[RECORDS FOR THE TASK Boundary: Start]

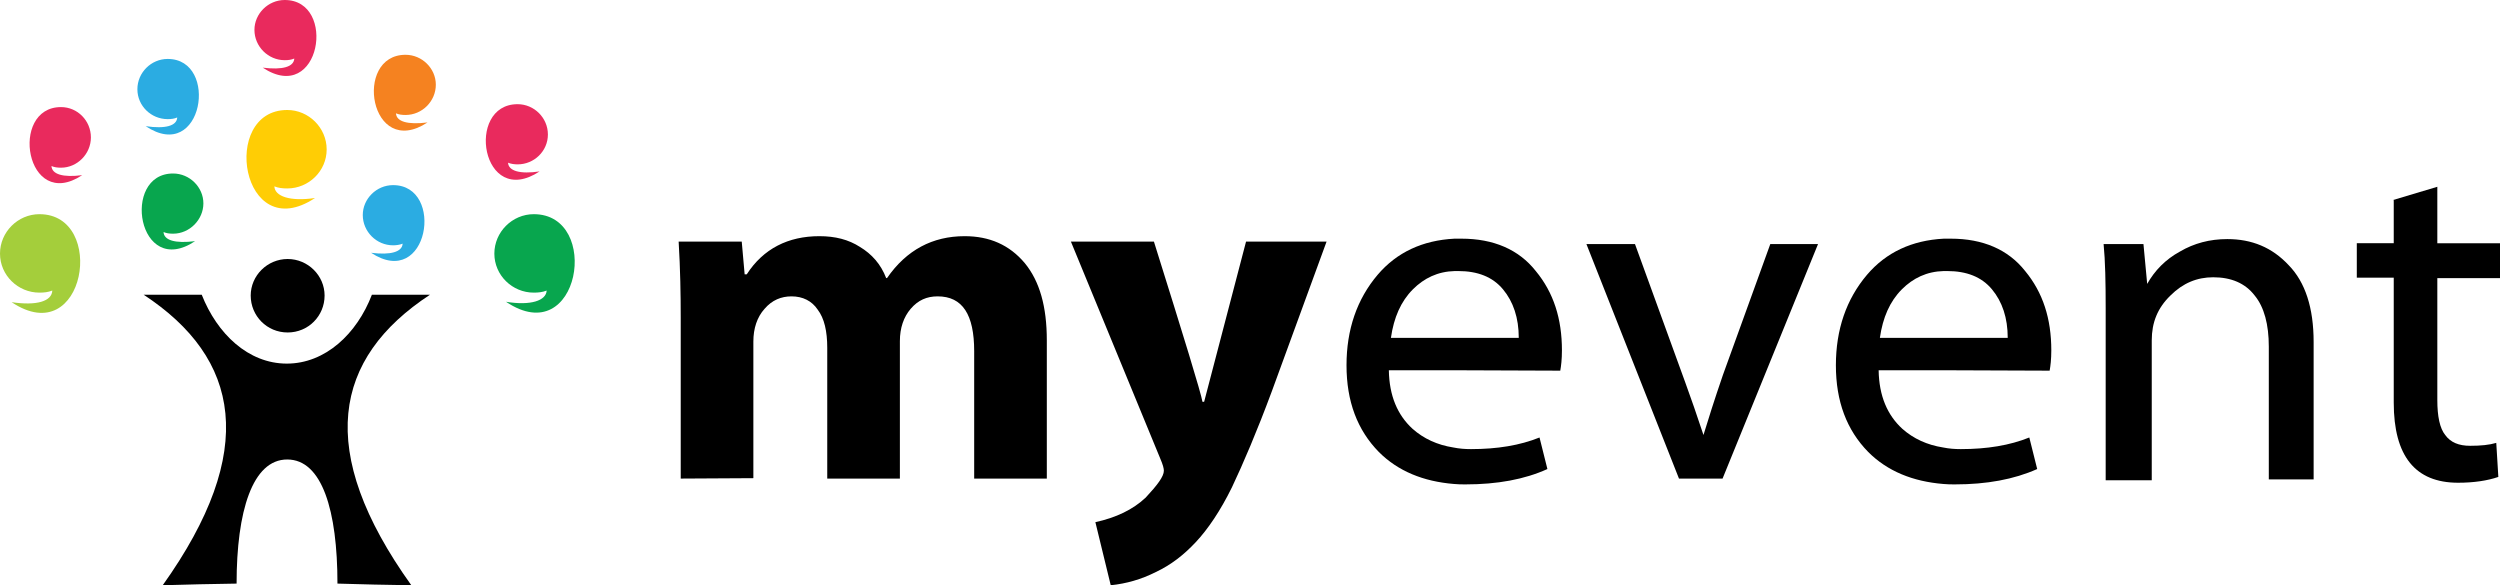 <?xml version="1.0" encoding="utf-8"?>
<!-- Generator: Adobe Illustrator 21.0.2, SVG Export Plug-In . SVG Version: 6.00 Build 0)  -->
<svg version="1.1" id="Layer_1" xmlns="http://www.w3.org/2000/svg" xmlns:xlink="http://www.w3.org/1999/xlink" x="0px" y="0px"
	 viewBox="0 0 602.3 141" style="enable-background:new 0 0 602.3 141;" xml:space="preserve">
<style type="text/css">
	.st0{fill:#08A64E;}
	.st1{fill:#FFCD05;}
	.st2{fill:#A4CE3B;}
	.st3{fill:#E92A5D;}
	.st4{fill:#2BACE2;}
	.st5{fill:#F58220;}
</style>
<path class="st0" d="M128.6,51.6c-5.2,0-9.5,4.3-9.5,9.5s4.3,9.4,9.5,9.4c1.1,0,2.1-0.1,3.1-0.5c-0.1,2.4-3.8,3.7-9.8,2.7
	C139.7,84.7,145,51.6,128.6,51.6z"/>
<path class="st1" d="M69.2,26.5c5.2,0,9.5,4.3,9.5,9.5s-4.3,9.4-9.5,9.4c-1.1,0-2.1-0.1-3.1-0.5c0.1,2.4,3.8,3.7,9.8,2.8
	C58.1,59.5,52.9,26.5,69.2,26.5z"/>
<path class="st2" d="M9.5,51.6c-5.2,0-9.5,4.3-9.5,9.5s4.3,9.4,9.5,9.4c1.1,0,2.1-0.1,3.1-0.5c-0.1,2.6-3.8,3.7-9.8,2.8
	C20.6,84.7,25.8,51.6,9.5,51.6z"/>
<path class="st3" d="M14.7,25.8c4,0,7.2,3.3,7.2,7.3s-3.3,7.3-7.2,7.3c-0.9,0-1.6-0.1-2.3-0.4c0.1,2,2.8,2.8,7.4,2.2
	C6.2,51.2,2.1,25.8,14.7,25.8z"/>
<path class="st3" d="M68.6,0c-4,0-7.3,3.3-7.3,7.2c0,4,3.3,7.3,7.3,7.3c0.9,0,1.6-0.1,2.3-0.4c-0.1,2-2.8,2.8-7.6,2.2
	C77.2,25.5,81.3,0,68.6,0z"/>
<path class="st4" d="M40.4,14.2c-4,0-7.3,3.3-7.3,7.3s3.3,7.2,7.3,7.2c0.9,0,1.6-0.1,2.3-0.4c-0.1,2-2.8,2.8-7.6,2.1
	C48.9,39.6,52.9,14.2,40.4,14.2z"/>
<path class="st0" d="M41.7,41.8c4,0,7.3,3.3,7.3,7.2s-3.3,7.3-7.3,7.3c-0.9,0-1.6-0.1-2.3-0.4c0.1,2,2.8,2.8,7.6,2.2
	C33.2,67.3,29.1,41.8,41.7,41.8z"/>
<path class="st4" d="M94.7,44.6c-4,0-7.3,3.3-7.3,7.2c0,4,3.3,7.3,7.3,7.3c0.7,0,1.6-0.1,2.3-0.4c-0.1,2-2.9,2.8-7.6,2.2
	C103.2,70,107.3,44.6,94.7,44.6z"/>
<path class="st5" d="M97.7,13.2c4,0,7.3,3.3,7.3,7.2c0,4-3.3,7.3-7.3,7.3c-0.9,0-1.6-0.1-2.3-0.4c0.1,2,2.8,2.8,7.6,2.2
	C89.1,38.6,85,13.2,97.7,13.2z"/>
<path class="st3" d="M124.7,25.1c4,0,7.3,3.3,7.3,7.3s-3.3,7.2-7.3,7.2c-0.7,0-1.6-0.1-2.3-0.4c0.1,2,2.9,2.8,7.6,2.1
	C116,50.5,112,25.1,124.7,25.1z"/>
<path d="M34.6,71c4.6,0,9.3,0,14,0c3.7,9.4,11.2,16.6,20.5,16.6S86,80.4,89.6,71c4.6,0,9.4,0,14,0c-23.3,15.3-27.7,37.6-4.5,70
	c-6-0.1-11.8-0.2-17.8-0.4c0-17.6-3.7-29.9-12.1-29.9S57,123.2,57,140.6c-6,0.1-11.8,0.2-17.8,0.4C62.3,108.6,57.9,86.3,34.6,71z"/>
<path d="M69.3,62.4c4.9,0,8.9,4,8.9,8.8c0,4.9-3.9,8.9-8.9,8.9s-8.9-4-8.9-8.9C60.4,66.4,64.4,62.4,69.3,62.4z"/>
<path d="M507.3,115.3v-41c0-6.3-0.1-11.4-0.5-15.5h9.6l0.9,9.6c1.8-3.2,4.4-5.9,7.9-7.8c3.4-2,7.2-3,11.4-3c5.9,0,10.8,2,14.8,6.3
	c4,4.1,6,10.3,6,18.5v33.1h-10.8v-32c0-5.3-1.1-9.5-3.4-12.3c-2.3-3-5.7-4.4-10-4.4c-3.9,0-7.3,1.4-10.3,4.4
	c-3.1,3-4.5,6.5-4.5,10.8v33.7h-11.1L507.3,115.3L507.3,115.3z"/>
<path d="M576.5,48.2l10.7-3.2v13.6h15.1V67h-15.1v29.4c0,3.9,0.6,6.8,1.9,8.4c1.3,1.8,3.3,2.6,6,2.6c2.6,0,4.6-0.2,6.3-0.7l0.5,8.2
	c-2.6,0.9-5.9,1.4-9.7,1.4c-10.3,0-15.5-6.4-15.5-19.3V66.9h-8.9v-8.3h8.9V48.2H576.5z"/>
<path d="M493.8,89.3c0.2-1.1,0.4-2.7,0.4-4.9c0-7.6-2-13.9-6.3-19.1c-4.1-5.2-10.2-7.8-17.9-7.8c-0.6,0-1.2,0-1.7,0
	c-7.7,0.4-13.9,3.3-18.5,8.7c-5,5.9-7.5,13.2-7.5,21.8c0,8.7,2.6,15.6,7.8,20.9c4.6,4.6,10.7,7.1,18.1,7.7c0.9,0.1,1.9,0.1,2.8,0.1
	c7.6,0,14.2-1.2,19.8-3.7l-1.9-7.6c-4.7,1.9-10.2,2.8-16.5,2.8c-1.5,0-2.8-0.1-4.3-0.4c-3.8-0.6-7.1-2.1-9.8-4.5
	c-3.6-3.3-5.6-7.9-5.7-14.1H468L493.8,89.3L493.8,89.3z M452.9,81.4c0.7-4.9,2.4-8.8,5.3-11.7c2.7-2.7,6-4.3,10.1-4.4
	c0.2,0,0.6,0,0.8,0c4.7,0,8.3,1.4,10.8,4.4s3.8,6.9,3.8,11.7h-15.4H452.9z"/>
<path d="M382.2,58.8h11.7L406,92.1c1.4,3.8,2.8,7.9,4.4,12.7c1.1-3.6,2.6-8.4,4.7-14.5l11.4-31.5H438l-23,56.5h-10.5L382.2,58.8z"/>
<path d="M164,115.3V76.6c0-5.7-0.1-11.7-0.5-18.4h15.2l0.7,7.9h0.5c4-6.2,10-9.2,17.5-9.2c3.8,0,7,0.8,9.8,2.6
	c2.8,1.7,5,4.1,6.3,7.5h0.2c4.7-6.8,11-10.1,18.7-10.1c6,0,10.8,2.1,14.5,6.5c3.6,4.4,5.3,10.5,5.3,18.6v33.3h-17.5V84.6
	c0-8.8-2.8-13.2-8.8-13.2c-2.6,0-4.7,0.9-6.5,3c-1.7,2-2.6,4.6-2.6,7.8v33.1h-17.5V83.8c0-4-0.7-7.1-2.3-9.2
	c-1.4-2.1-3.6-3.2-6.3-3.2c-2.5,0-4.7,0.9-6.5,3c-1.8,2-2.7,4.7-2.7,7.9v32.9L164,115.3L164,115.3L164,115.3z"/>
<path d="M375.9,89.3c0.2-1.1,0.4-2.7,0.4-4.9c0-7.6-2-13.9-6.3-19.1c-4.1-5.2-10.2-7.8-17.9-7.8c-0.6,0-1.2,0-1.7,0
	c-7.7,0.4-13.9,3.3-18.5,8.7c-5,5.9-7.5,13.2-7.5,21.8c0,8.7,2.6,15.6,7.8,20.9c4.6,4.6,10.7,7.1,18.1,7.7c0.9,0.1,1.9,0.1,2.8,0.1
	c7.6,0,14.2-1.2,19.7-3.7l-1.9-7.6c-4.7,1.9-10.2,2.8-16.5,2.8c-1.5,0-2.8-0.1-4.3-0.4c-3.8-0.6-7.1-2.1-9.8-4.5
	c-3.6-3.3-5.6-7.9-5.7-14.1H350L375.9,89.3L375.9,89.3z M335.1,81.4c0.7-4.9,2.4-8.8,5.3-11.7c2.7-2.7,6-4.3,10.1-4.4
	c0.2,0,0.6,0,0.8,0c4.7,0,8.3,1.4,10.8,4.4s3.8,6.9,3.8,11.7h-15.4H335.1z"/>
<path d="M258,58.2h20c7.3,23.3,11.3,36.3,11.7,38.6h0.4l10.1-38.6h19.4l-13.2,36.1c-3.6,9.7-6.9,17.4-9.6,23.1
	c-2.8,5.7-5.8,10.1-8.7,13.2c-2.9,3.1-6,5.5-9.6,7.2c-3.6,1.8-7.1,2.8-10.9,3.2l-3.7-15.2c5-1.1,9-3,12.1-5.9c2.8-3,4.4-5.1,4.4-6.5
	c0-0.5-0.2-1.4-0.9-3L258,58.2z"/>
</svg>

[RECORDS FOR THE TASK Boundary: End]

In the records above, some lines hold the word "fill"; copy each such line.

### OUTPUT BELOW
	.st0{fill:#08A64E;}
	.st1{fill:#FFCD05;}
	.st2{fill:#A4CE3B;}
	.st3{fill:#E92A5D;}
	.st4{fill:#2BACE2;}
	.st5{fill:#F58220;}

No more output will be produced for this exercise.